11:07 25-11-2025

Why automakers won't license Tesla FSD: it's about liability

Elon Musk admits automakers aren't licensing Tesla FSD. Brands want autonomy and OEM liability like Mercedes' Level 3, while Tesla won't take liability.

Elon Musk has for the first time acknowledged that automakers are not rushing to license Tesla’s Full Self-Driving. He said negotiations either stall or companies set demands he considers impossible to meet. In plain terms, that signals other brands are waiting for real autonomy and explicit legal accountability, not the beta program Tesla offers its customers.

The licensing idea has been in the air since 2021, when Musk assured investors that carmakers would eventually have to buy Tesla’s technology. In 2024 he even spoke of talks with a major automaker, yet no deal materialized. Ford chief Jim Farley later stated that Waymo was the better option.

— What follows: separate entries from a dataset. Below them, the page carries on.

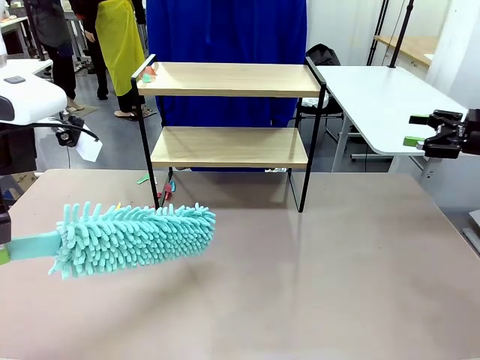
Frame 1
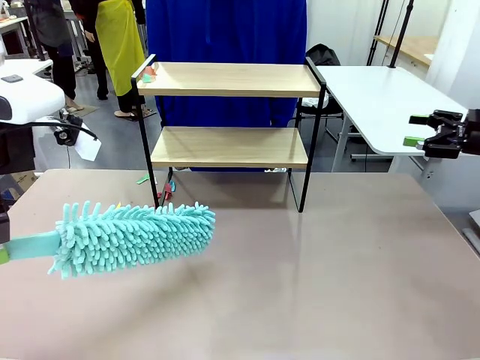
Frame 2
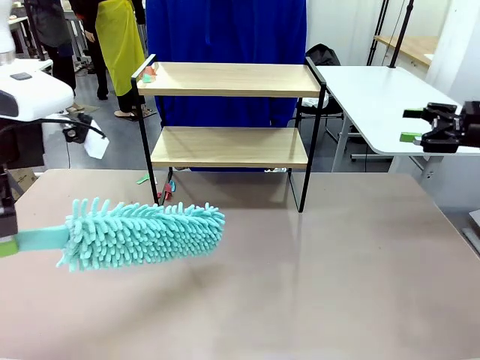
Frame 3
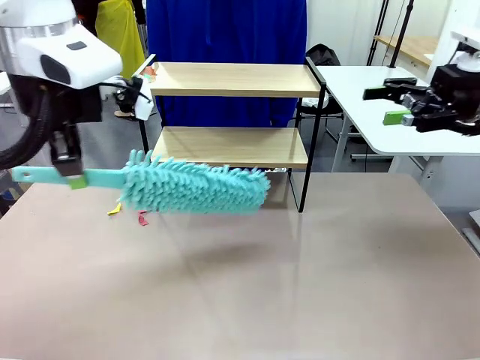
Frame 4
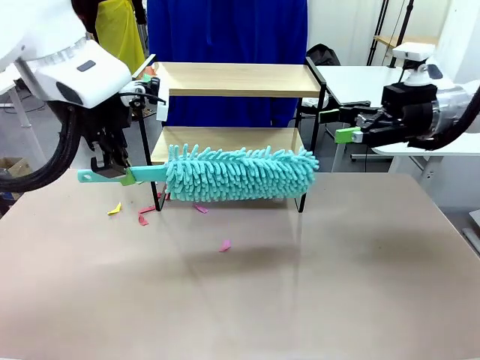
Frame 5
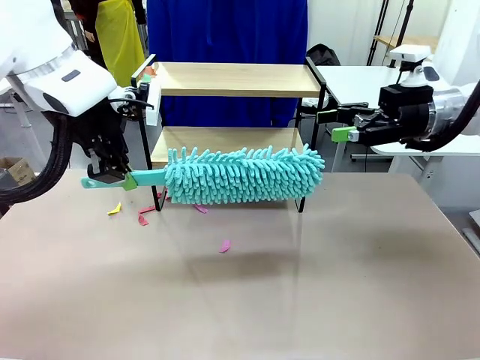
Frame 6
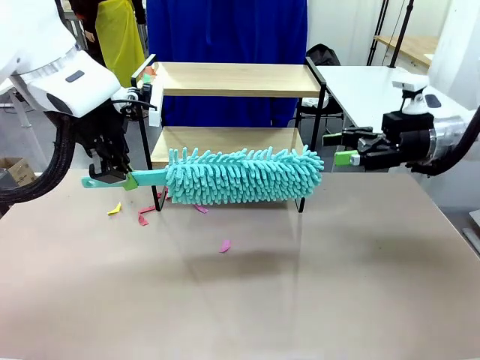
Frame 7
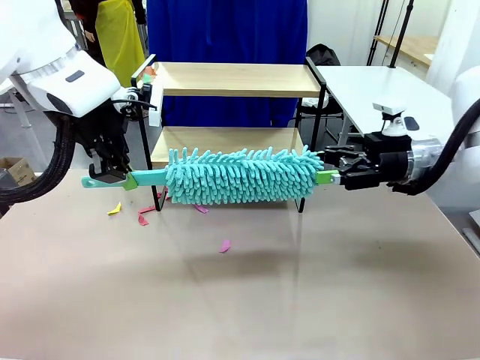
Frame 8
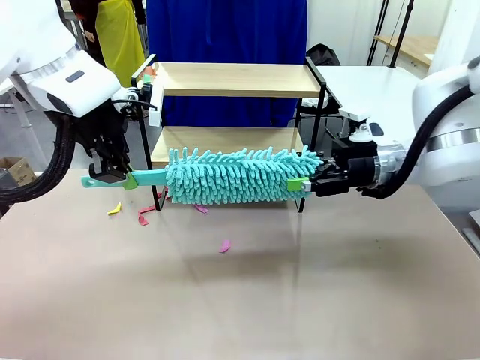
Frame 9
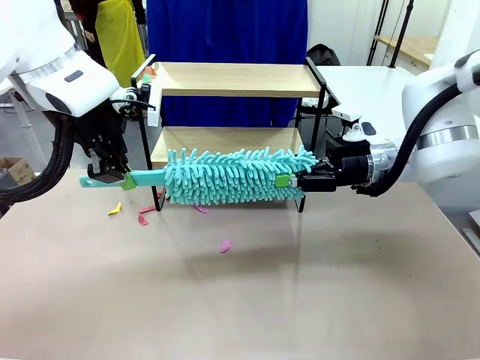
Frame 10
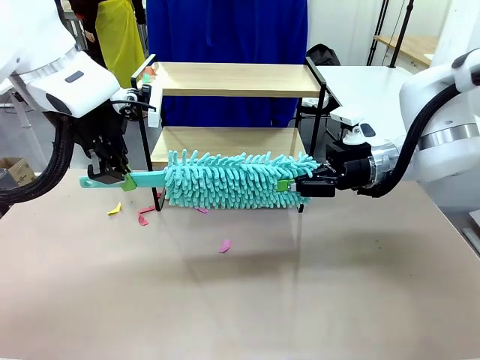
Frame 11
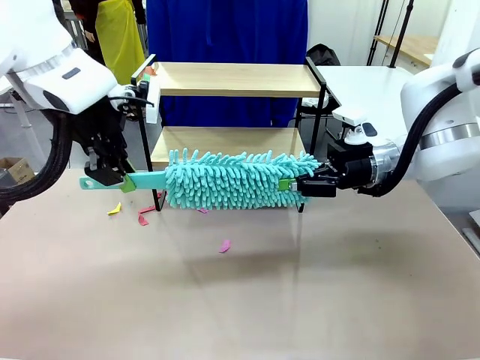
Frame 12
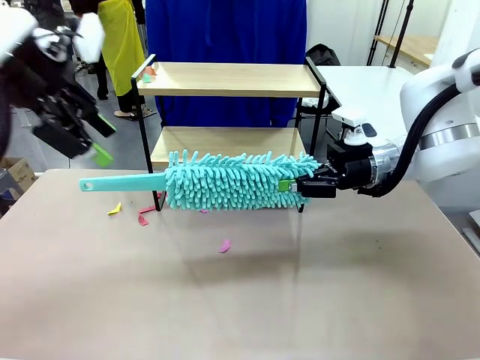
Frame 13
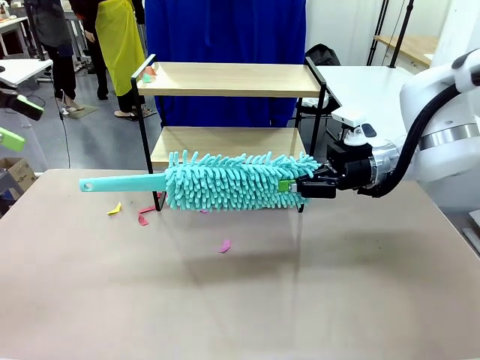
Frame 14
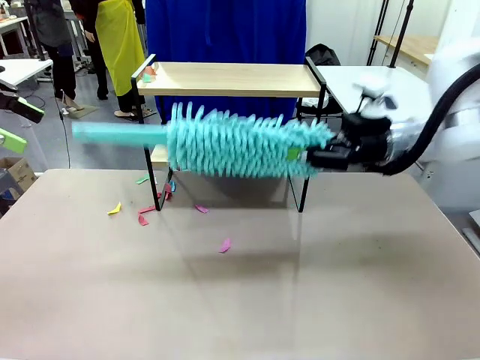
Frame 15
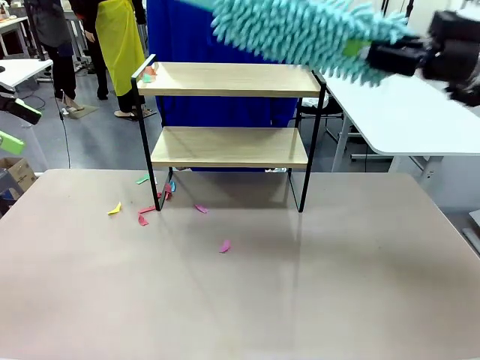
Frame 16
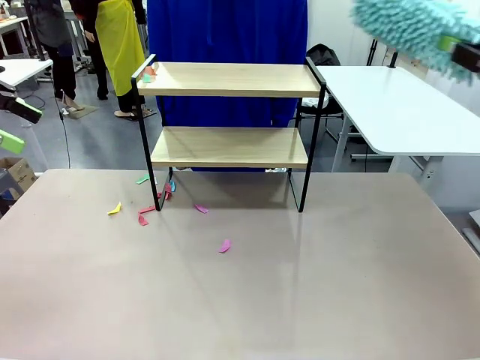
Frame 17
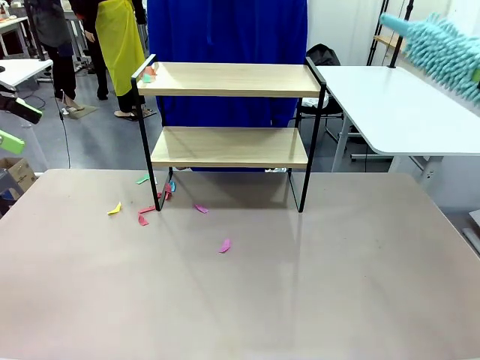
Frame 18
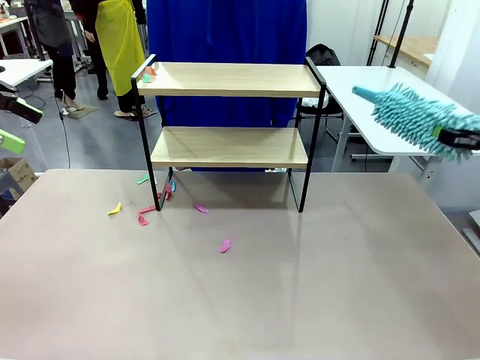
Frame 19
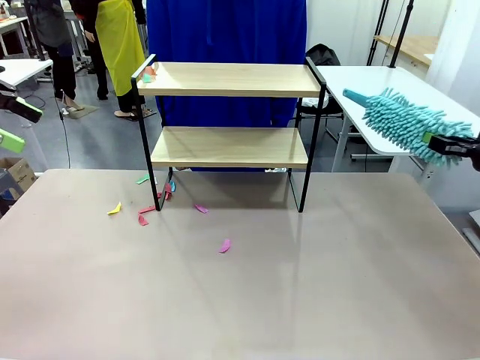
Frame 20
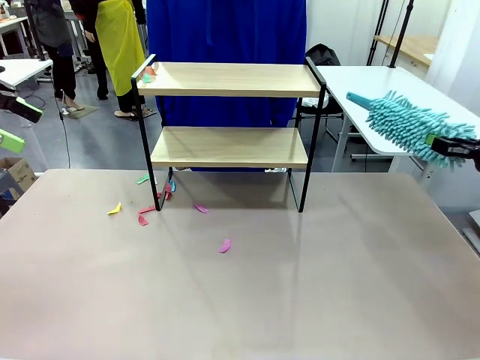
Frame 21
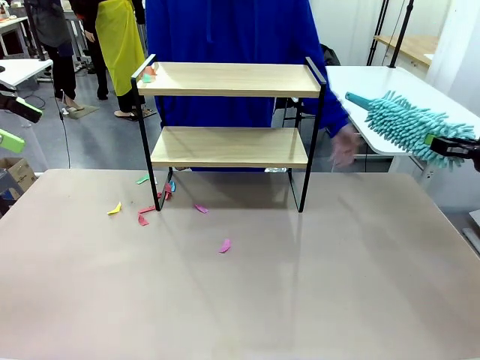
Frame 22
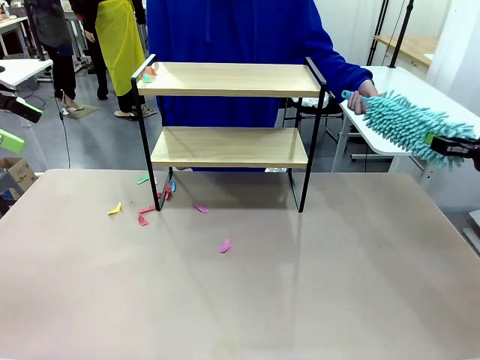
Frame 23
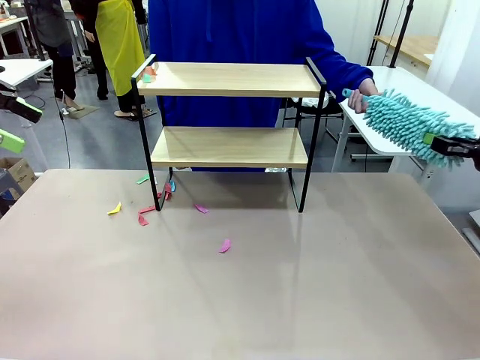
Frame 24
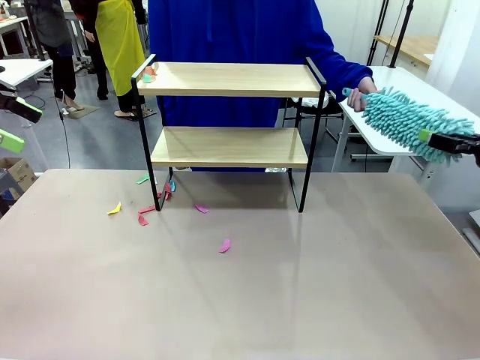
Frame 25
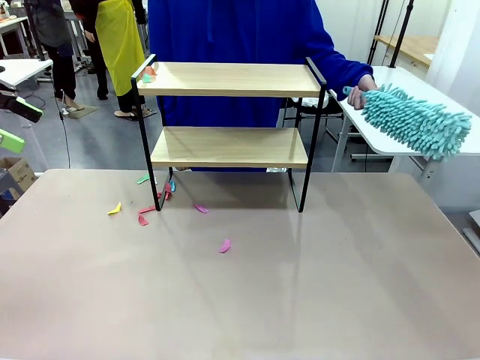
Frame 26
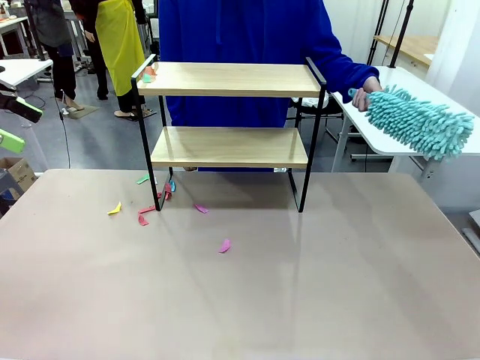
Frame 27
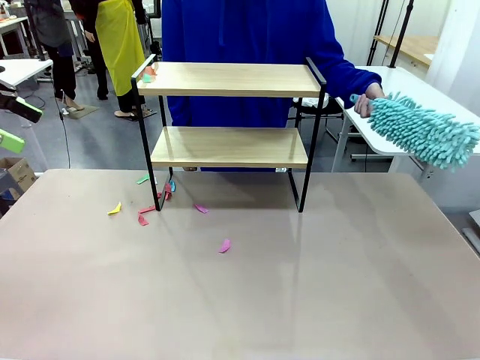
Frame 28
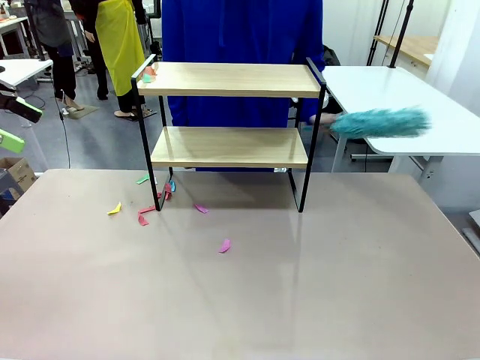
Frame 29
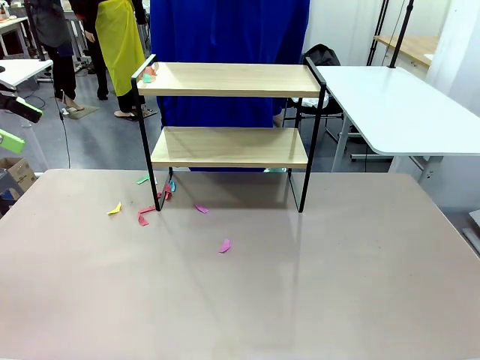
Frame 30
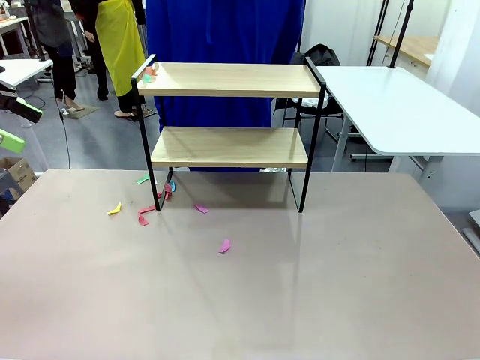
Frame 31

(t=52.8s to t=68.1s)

The sticking point is the approach. Major manufacturers work to a strict V-model: they define requirements, test, certify, and then accept legal responsibility. Mercedes’ Drive Pilot is an example—the first true Level 3 system in which, once engaged, the manufacturer carries the liability.

Tesla, by contrast, uses its customers as de facto testers by distributing a beta under the Full Self-Driving name. That approach has drawn investigations and lawsuits, including a recent high-profile crash involving a Model Y and a police vehicle that Tesla chose to settle before it reached court.

For brands like Ford, GM, and Toyota, licensing FSD would mean massive legal risk. They expect Tesla to cover it. Tesla, aware of the limitations of a system that runs without lidar and radar, does not agree. So the reluctance to adopt FSD stems less from stubbornness and more from the question of liability that Tesla is not prepared to assume.